急すぎて、前のめりになってしまったわ。でも、床に倒れる前に隣にいた男性が私を抱き抱えてくれたの。雨で濡れた布地が当たり、冷たいけど文句は言っていられない。
「あ、ありがとう」
「ビビったぁ。おい、気をつけろ!」
「スマン。木陰から、なんかの動物が横切ってきて」
男性が怒鳴ると、外からもう1人の男性の声が聞こえてきた。きっと、この人が馬車を操縦しているのね。
それに今、木陰と言ったわ。
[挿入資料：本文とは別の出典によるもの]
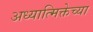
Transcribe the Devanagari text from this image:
अध्यात्मिक्तेच्या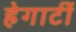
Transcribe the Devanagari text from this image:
हेगार्टी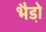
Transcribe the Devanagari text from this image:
भैडो़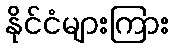
နိုင်ငံများကြား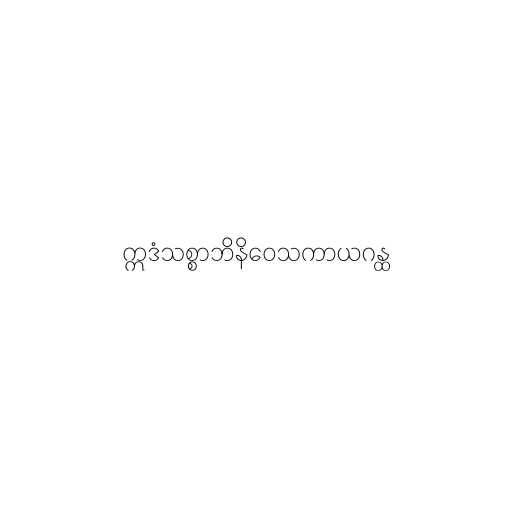
ဣဒံသစ္စာဘိနိဝေသကာယဂန္ထ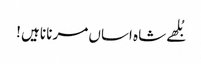
بُلھے شاہ اساں مرنا ناہیں !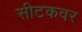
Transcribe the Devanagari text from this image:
सीटकवर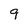
Character: 9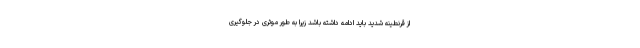
از قرنطینه شدید باید ادامه داشته باشد زیرا به طور موثری در جلوگیری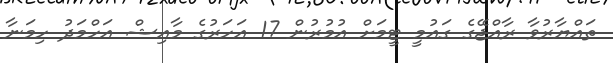
ތައްޔާރުވާ ރާއްޖޭގެ ގައުމީ ޓީމަށް އުމުރުން 17 އަހަރުގެ މާއިޝް އަހްމަދު ހިމަނާ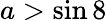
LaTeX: a>\sin 8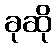
ခုဆို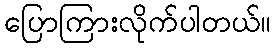
ပြောကြားလိုက်ပါတယ်။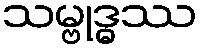
သမ္ဗုဒ္ဓဿ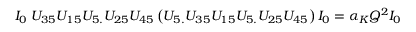
I _ { 0 } \; U _ { 3 5 } U _ { 1 5 } U _ { 5 . } U _ { 2 5 } U _ { 4 5 } \left( U _ { 5 . } U _ { 3 5 } U _ { 1 5 } U _ { 5 . } U _ { 2 5 } U _ { 4 5 } \right) I _ { 0 } = \alpha _ { K } Q ^ { 2 } I _ { 0 }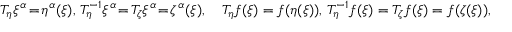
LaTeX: T _ { \eta } \xi ^ { \alpha } \! = \! \eta ^ { \alpha } ( \xi ) , \, T _ { \eta } ^ { - 1 } \xi ^ { \alpha } \! = \! T _ { \zeta } \xi ^ { \alpha } \! = \! \zeta ^ { \alpha } ( \xi ) , \quad T _ { \eta } f ( \xi ) = f ( \eta ( \xi ) ) , \, T _ { \eta } ^ { - 1 } f ( \xi ) = T _ { \zeta } f ( \xi ) = f ( \zeta ( \xi ) ) ,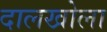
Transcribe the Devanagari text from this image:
दालखोला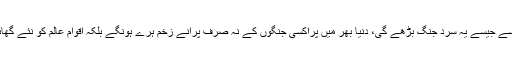
خدشہ ہے کہ جیسے جیسے یہ سرد جنگ بڑھے گی، دنیا بھر میں پراکسی جنگوں کے نہ صرف پرانے زخم ہرے ہونگے بلکہ اقوام عالم کو نئے گھائو بھی لگیں گے۔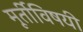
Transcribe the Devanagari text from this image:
मूर्तीविषयी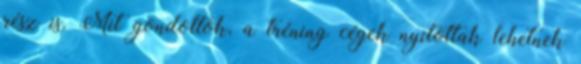
rész is. Mit gondoltok, a tréning cégek nyitottak lehetnek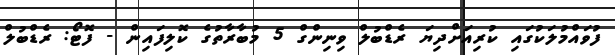
ފުވައްމުލަކުގައި ކުރިއަށްދިޔަ ރެޑްބުލް ވިނިންގް 5 މުބާރާތުގެ ކޮލިފައިން - ފޮޓޯ: ރެޑްބުލް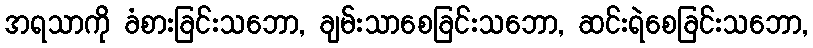
အရသာကို ခံစားခြင်းသဘော, ချမ်းသာစေခြင်းသဘော, ဆင်းရဲစေခြင်းသဘော,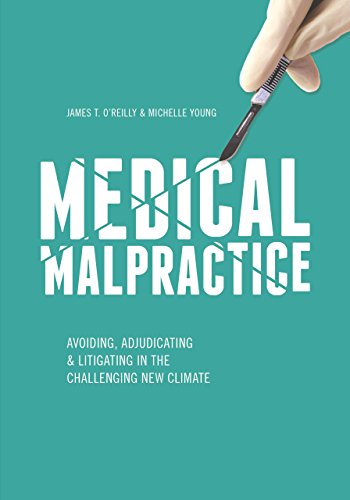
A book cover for Medical Malpractice: Avoiding, Adjudicating & Litigating in the Challenging New Climate; James T. O'Reilly; Law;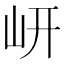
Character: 岍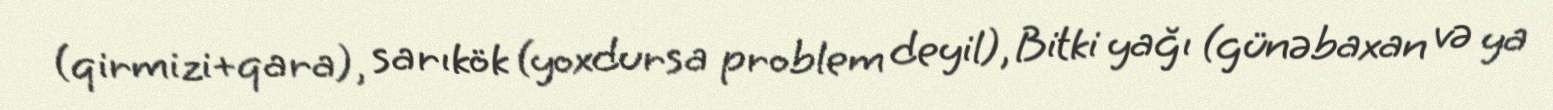
(qirmizi+qara), sarıkök (yoxdursa problem deyil), Bitki yağı (günəbaxan və ya

という事は、森の中ってこと?
「ったく、気をつけろよ」
「……」
男性は、ブツブツと怒りながら私を戻してくれた。
ここが森の中なら、逃げて木陰にでも隠れたらうまく行くかもしれない。
私は、もう1人の男性の声が聞こえてきた荷馬車の入り口を見つめる。
でも、私の考えが浅はかだったことに気づくのに時間は要しなかった。
「っぁ!?」
「逃げんなよ。俺は、短気だから何するかわかんねぇ」
さっきは守ってくれたのに、今度は後頭部を鷲掴みされ床に頭を打ち付けられた。その痛みで、一瞬目の前が明るくなる。
痛い。怖い。どうして?
「そもそも、ずっと座ってた足がすぐ動くわけねぇだろ。ちったあ考えろよ?」
「……う、う」
泣くな。
こんな痛みで泣くことない。泣いちゃダメ。
そうやって必死になって耐えようとしたけど、とうとう恐怖が勝ってしまった。
私は、床と対面しながら嗚咽する。
「そうやって泣いてろ。お前を傷つけたくはないから」
やっぱり、イリヤに言われた通りにすればよかった。こんないつでも良い書類のために、命なんかかけていられない。
花束がなんなの? 大人しく、受付の順番を待っていればよかったのに。
私は、自分の愚かさを呪いながらしばらくの間泣き続けた。